The two systems share a search-and-rerank philosophy, but the upgrades are substantial. The most visible change is the foundation model: where AlphaCode used a purpose-built encoder-decoder transformer, AlphaCode 2 fine-tunes Gemini Pro for both code generation and the scoring step, and DeepMind credits Gemini's flexibility for the gains on those two very different tasks [1]. The headline accuracy nearly doubled, from solving 25 percent of the benchmark problems to 43 percent, and the estimated ranking jumped from around the median to the 85th percentile [1][3].
Sample efficiency is the other large difference. Both systems can draw on up to a million samples per problem, but AlphaCode 2 reaches its predecessor's performance with roughly 100, an improvement of more than four orders of magnitude [1]. The pipeline was also streamlined to sample only in C++ and to use a learned scoring model on top of the clustering stage. The numbers reported in DeepMind's abstract and body text differ slightly in framing: the abstract states AlphaCode 2 "solved 1.7x more problems," while the evaluation section reports the 43 percent versus 25 percent solve rates as a "close to 2x" improvement. Both figures come from the same technical report [1].
AlphaCode 2 was presented as a research milestone, not a launched product, and it was not made publicly available. DeepMind was explicit about its limits, writing that the system "requires a lot of trial and error, and remains too costly to operate at scale," and that it depends heavily on being able to filter out obviously bad samples [1]. The company said it was working toward bringing AlphaCode 2's capabilities into its foundation Gemini models as a step toward a more interactive style of programming, a point echoed by DeepMind vice president Eli Collins around the launch [3].
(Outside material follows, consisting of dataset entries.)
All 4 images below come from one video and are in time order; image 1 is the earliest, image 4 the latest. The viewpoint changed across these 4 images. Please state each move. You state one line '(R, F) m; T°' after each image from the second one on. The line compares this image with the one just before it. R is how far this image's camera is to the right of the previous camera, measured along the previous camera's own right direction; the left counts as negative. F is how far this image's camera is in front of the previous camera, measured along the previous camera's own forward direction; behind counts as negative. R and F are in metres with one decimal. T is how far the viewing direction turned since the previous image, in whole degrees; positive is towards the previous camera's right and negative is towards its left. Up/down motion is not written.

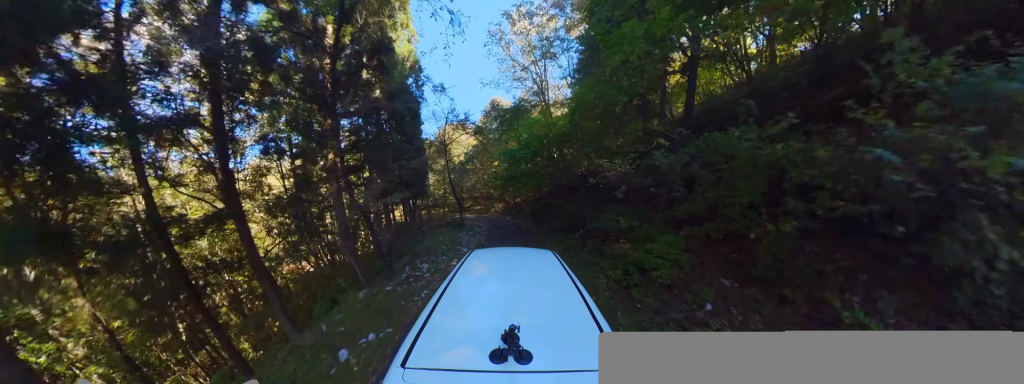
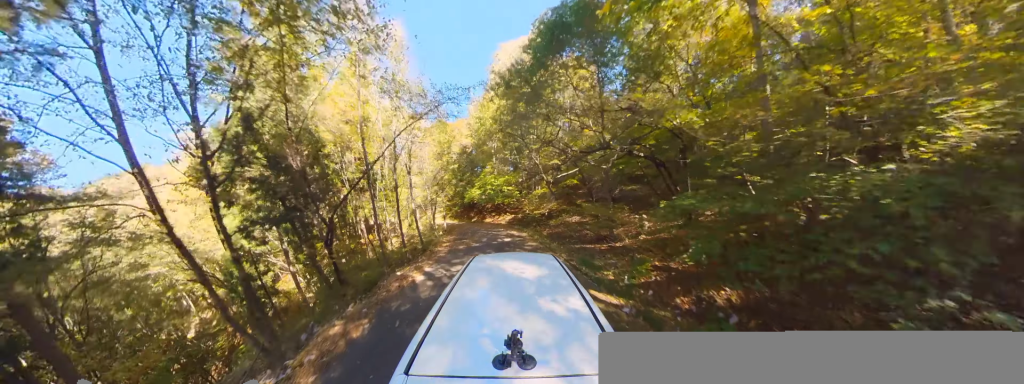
(-7.5, +24.9) m; -45°
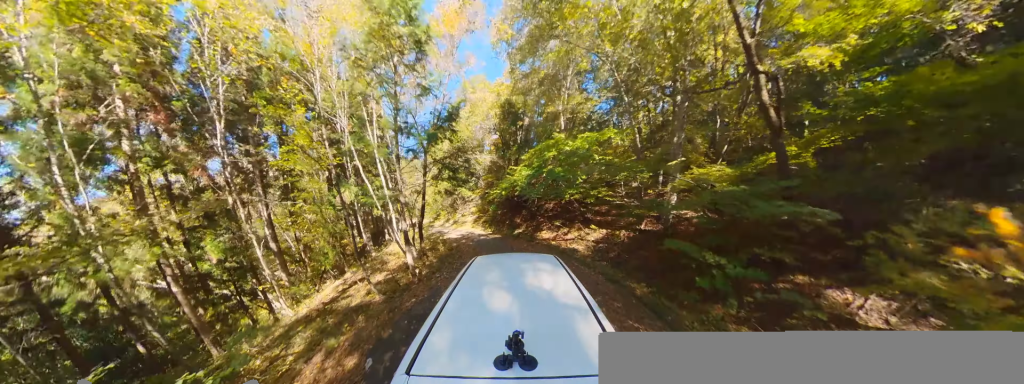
(-7.4, +15.3) m; -43°
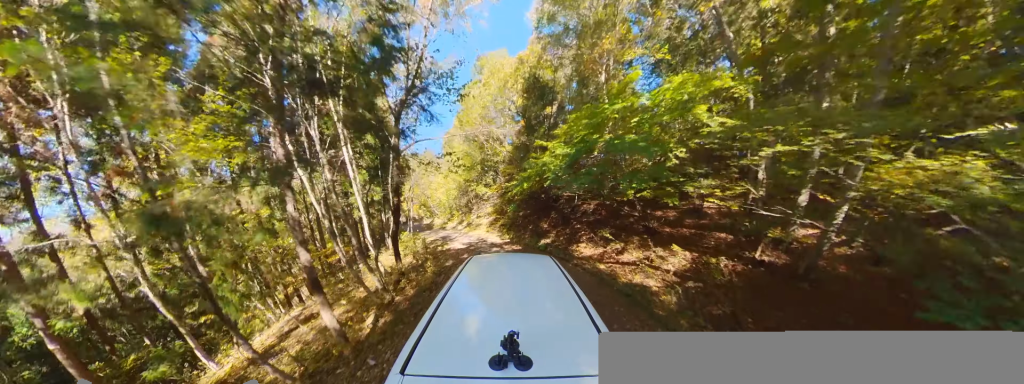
(-0.3, +5.7) m; -1°

The result drew attention as one of the more concrete demonstrations released alongside Gemini, showing that a general-purpose model could be specialized to a hard reasoning task and beat a bespoke predecessor [3][5]. DeepMind suggested that an even stronger foundation model, such as Gemini Ultra, would likely push the approach further [1]. The contest problem featured in the public Gemini demonstration came from the CodeTON Round 4 contest and was used with permission from Codeforces [1].